The thorough analysis of drug pairs not yet automatically switched revealed that a meaningful next step would be to support dose adjustment of different application forms and to consider combination products for therapeutic substitution (step 4). In addition, a future switching tool could also enable adoption of new scenarios like patient admission to an intensive care unit where oral forms often have to be switched to parenteral or intravenous forms and the switch back to ambulatory medication at discharge from hospital.

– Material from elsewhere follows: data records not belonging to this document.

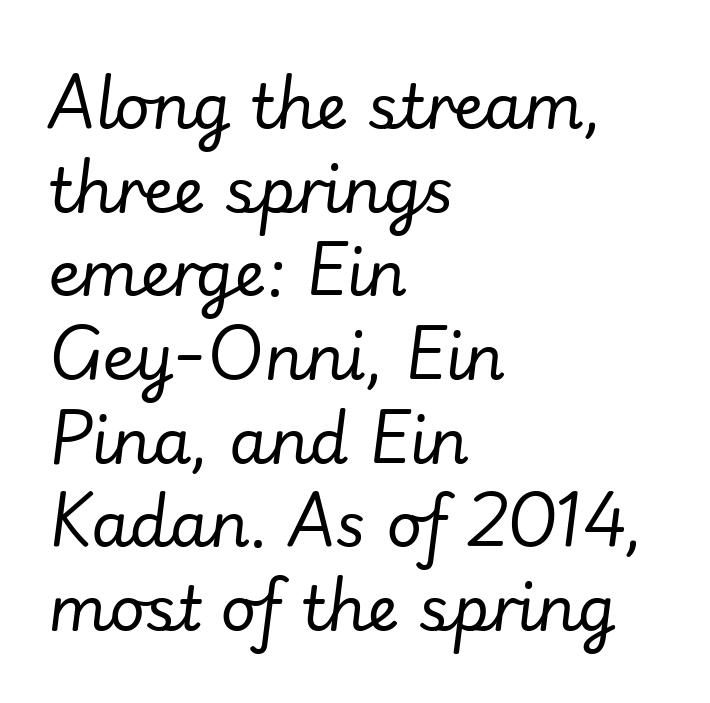
{"italic": "yes", "lean": "right", "slant_degrees": 7, "bold": "no", "weight": "regular", "width": "normal", "stroke_contrast": "low", "x_height": "small", "monospaced": "no", "underline": "no", "align": "left", "line_spacing": "normal", "line_spacing_ratio": 1.35, "letter_spacing": "normal", "letter_spacing_em": 0.0, "glyph_px": 62}
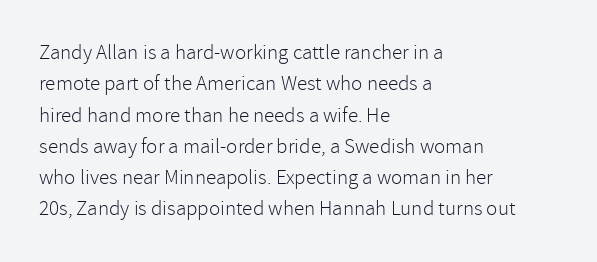
Ordinary non-slanted type is in use. Honestly, the row spacing looks completely unremarkable. These lines keep a tight, regular rhythm from letter to letter. These lines stack with their left ends in a neat column.
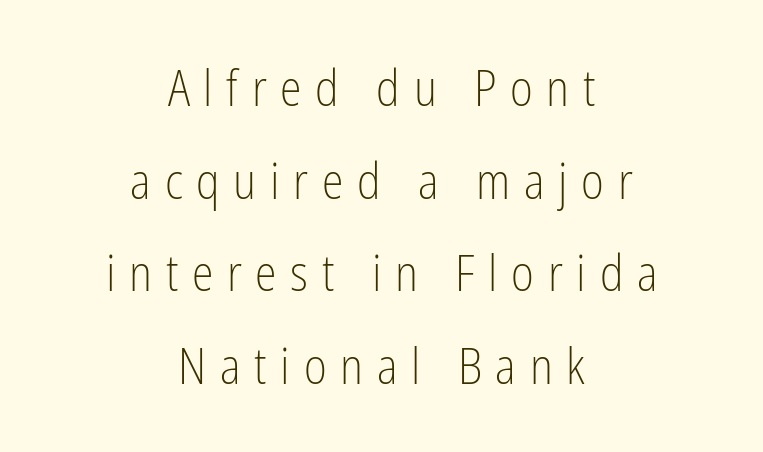
Q: Is the text bold? A: No.
Q: Is the text italic (slanted)? A: No, it is upright.
Q: Is the typeface a serif or a sans-serif typeface? A: Sans-serif.
Q: Is the text underlined? A: No.
Q: How is the paragraph aligned? A: Centered.
Q: Is the spacing between letters normal or unusually wide? A: Unusually wide.
Q: Width (condensed, normal, or wide)? A: Condensed.
Q: Stroke contrast? A: Low.
Q: x-height? A: Medium.
Q: Monospaced? A: No.

A number of potential limitations should be considered before generalisation of the results to other settings. (1) In our study we only switched drug combinations of surgical patients thus restricting evidence to patients receiving comparable medication regimens. However, as shown in our previous evaluation performed in the same wards , the Charlson score of these patients is high, reflecting the numerous co-morbidities of these patients and suggesting that their drug regimens likely represent also a population of internal medicine patients. (2) In our evaluation we had to exclude about 10% of the switch requests because essential details of the patients’ prescription were missing (e.g. missing dosage regimen, strengths, or information needed to identify the specific brand). This stresses the advantages of an electronic documentation of patient medications in a CPOE linked to drug databases as it enables exact identification of brands, the key information to relevant drug-related data like drug composition, strength, galenic formulation, and the corresponding SPC . Unfortunately SPC information is currently not available in a well structured format , which would facilitate the development of tools like the one described herein. (3) Our evaluation was conducted by project members and not by clinical staff for whom the CDSS was developed. Thus, possible socio-technical incidents, a group of medication errors originating from interactions between clinical staff and the system , have yet to be investigated. (4) Finally the revision of differences between the switching results of pharmacists and the CDSS was performed by only one expert. This senior clinical pharmacist was considered best choice due to her extensive practical experience in switching drugs for years. However, by blinding this expert for the origin of the switching suggestions (pharmacist or CDSS) bias is minimised.